Sebelumnya diberitakan, Bupati Jeneponto, Sulawesi Selatan, Iksan Iskandar geram dan mengusir tiga kepala OPD saat hendak ikut rapat

Ketiga OPD yang diusir adalah, Kadis Kesehatan, Nursanti Mansur, Direktur RSUD Jeneponto, dr Bustaming dan Kepala BPBD, Ikrar Iskandar.

Namun, Kepala Dinas Kesehatan Jeneponto Nursanti Mansyur saat dihubungi Listing Berita membantah, terkait pengusiran dirinya.

Menurutnya Dia tidak diusir melainkan disuruh memperbaiki.

“Jadi kronologisnya itu, kami tidak diusir, memang Dinas Kesehatan itu baru 99 persen, hanya karena ada nilai SBU belum selesai” kata Nursanti Mansyur.

Menurut Nursanti Mansyur hanya ada dua OPD yang diminta bupati untuk menyelesaikan, yakni Rumah Sakit dan BPBD.

” Untuk rumah sakit dan BPBD, rumah sakit itu 14 persen belum selesai terinput dan BPBD 13 persen diminta bapak bupati kedua OPD tersebut untuk pulang di staf menyelesaikan” jelas Nursanti Mansyur 

Iksan Iskandar mengatakan, ketiganya diusir lantaran administrasi terkait pencairan anggaran Covid-19 di tiga instansi tersebut belum diselesaikan.

“Bukan diusir, selesaikan cepat, jangan ikut rapat. Pergi sana selesaikan. Saya minta hari ini selesai,” Jelasnya saat ditemuai wartawan.

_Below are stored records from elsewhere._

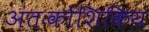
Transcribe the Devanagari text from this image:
अंतःकोशिकिय
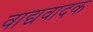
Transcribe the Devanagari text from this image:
वाद्यवादक
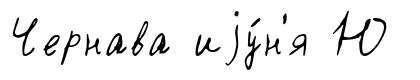
Чернава иjу́н'я Ю
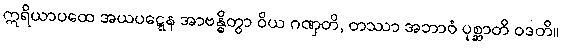
ဣရိယာပထေ အယပဋ္ဋေန အာဗန္ဓိတွာ ဝိယ ဂဏှတိ, တဿာ အဘာဝံ ပုစ္ဆာတိ ဝဒတိ။
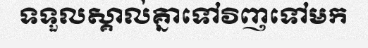
ទទួលស្គាល់គ្នាទៅវិញទៅមក
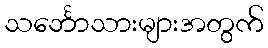
သင်္ဘောသားများအတွက်
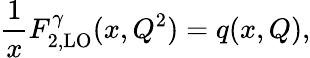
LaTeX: \frac{1}{x}F_{2,\mathrm{LO}}^{\gamma}(x,Q^{2})=q(x,Q),
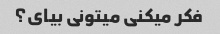
فکر میکنی میتونی بیای؟
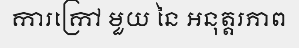
ការក្រៅ មួយ នៃ អនុត្តរភាព
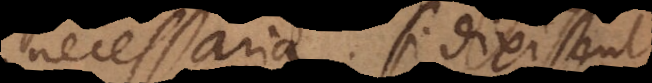
necessaria. Si dixissent
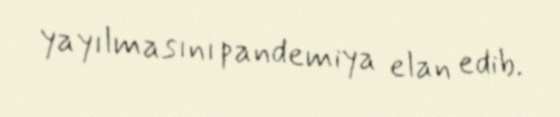
yayılmasını pandemiya elan edib.
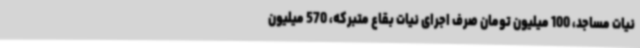
نیات مساجد، 100 میلیون تومان صرف اجرای نیات بقاع متبرکه، 570 میلیون
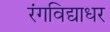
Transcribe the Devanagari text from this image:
रंगविद्याधर
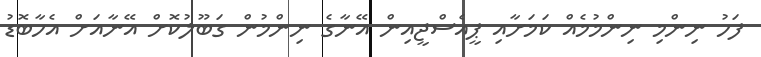
ފަހު ނިންމި ނިންމުމެއް ކަމަށާއި ޕީއެސްޖީއިން އޭނާގެ ނިންމުން ގަބޫލުކޮށް އޭނާއަށް އެހާބޮޑު
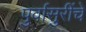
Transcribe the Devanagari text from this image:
पुर्वासुरींचे
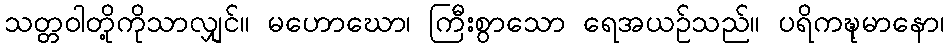
သတ္တဝါတို့ကိုသာလျှင်။ မဟောဃော၊ ကြီးစွာသော ရေအယဉ်သည်။ ပရိကဍ္ဎုမာနော၊
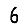
Digit: 6
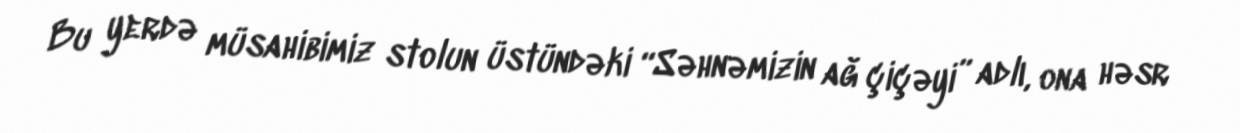
Bu yerdə müsahibimiz stolun üstündəki “Səhnəmizin ağ çiçəyi” adlı, ona həsr
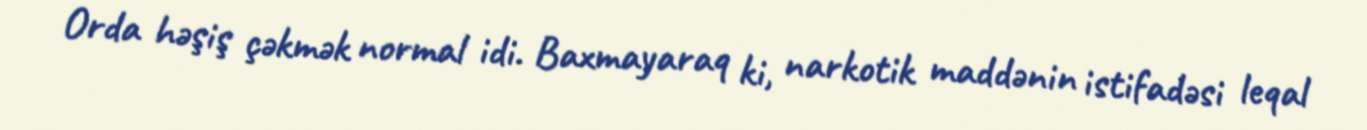
Orda həşiş çəkmək normal idi. Baxmayaraq ki, narkotik maddənin istifadəsi leqal
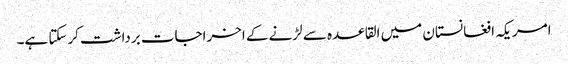
امریکہ افغانستان میں القاعدہ سے لڑنے کے اخراجات برداشت کرسکتا ہے۔
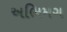
અભિમગ
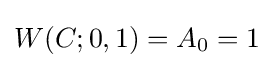
W(C;0,1)=A_{0}=1
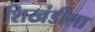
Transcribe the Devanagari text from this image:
शिखंडीला
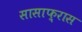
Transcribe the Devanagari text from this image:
सासाफ़्रास
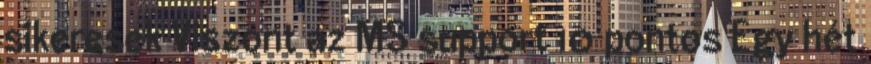
sikeresek Viszont az MS support 10 pontos Egy hét
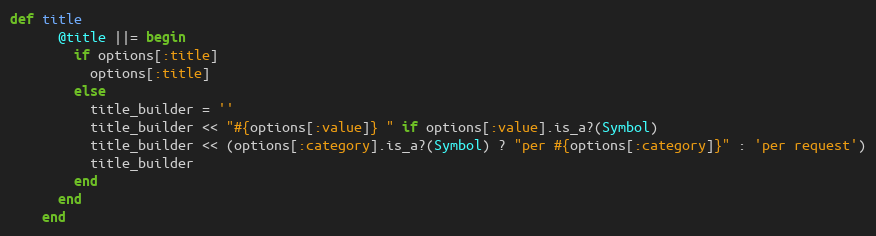
Language: Ruby
def title
      @title ||= begin
        if options[:title]
          options[:title]
        else
          title_builder = ''
          title_builder << "#{options[:value]} " if options[:value].is_a?(Symbol)
          title_builder << (options[:category].is_a?(Symbol) ? "per #{options[:category]}" : 'per request')
          title_builder
        end
      end
    end
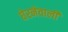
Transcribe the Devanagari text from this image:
घेरनेवाली
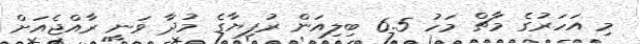
މި އަހަރުގެ މާޗް މަހު 6.5 ބިލިއަން ރުފިޔާގެ މުދާ ވަނީ ރާއްޖެއަށް
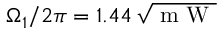
\Omega _ { 1 } / 2 \pi = 1 . 4 4 \, \sqrt { \mathrm { ~ m ~ W ~ } }
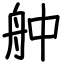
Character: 舯
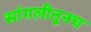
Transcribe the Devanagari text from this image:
सांगलीतूनच
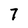
Character: 7
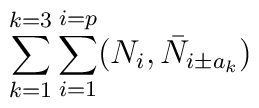
\sum_{k=1}^{k=3} \sum_{i=1}^{i=p} (N_i, \bar{N}_{i \pm a_k})
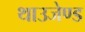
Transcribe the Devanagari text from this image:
थाउजेण्ड
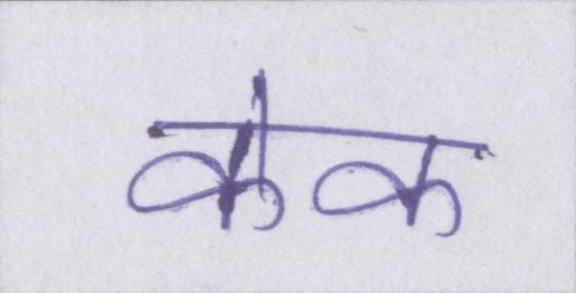
केक
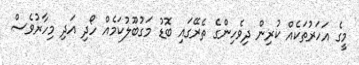
މީގެ އަހަރުތަކެއް ކުރިން ދިވެހިންގެ ތެރޭގައި ބޮޑު މަގުބޫލުކަމެއް ހޯދި އަދި މިހާރުވެސް
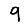
Digit: 9
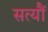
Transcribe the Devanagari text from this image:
सत्यौं
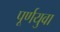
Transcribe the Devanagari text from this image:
पूर्णयुवा
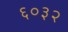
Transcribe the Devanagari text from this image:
६०३२
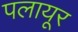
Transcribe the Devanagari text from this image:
पलायूर
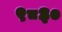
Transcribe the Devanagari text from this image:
९८३०

Iksan Iskandar mengaku kasian kepada para petugas yang menangani Covid-19, karena sejak September 2020 hingga sekarang mereka belum mendapat apa-apa.

“Iya, kita mau segera bagaimana anggaran -anggaran yang berhubungan dengan Corona ini segera dicairkan. Karena petugas ini kasian sudah jenuh juga sejak bulan 10 tahun 2020 belum dapat apa-apa. Makanya segera dicairkan,” ungkapnya.

Iksan mengungkapkan, lambatnya proses pencarian anggaran covid-19 karena administrasi keuangan dinilai sangat rumit.

“Administrasi keuangan ini begitu ribet sehingga teman-teman di BPKD juga tidak mau diadakan pemeriksaan karena berakibat nanti. Jadi serba hati-hati. Jangan ada pelanggaran,” pungkasnnya.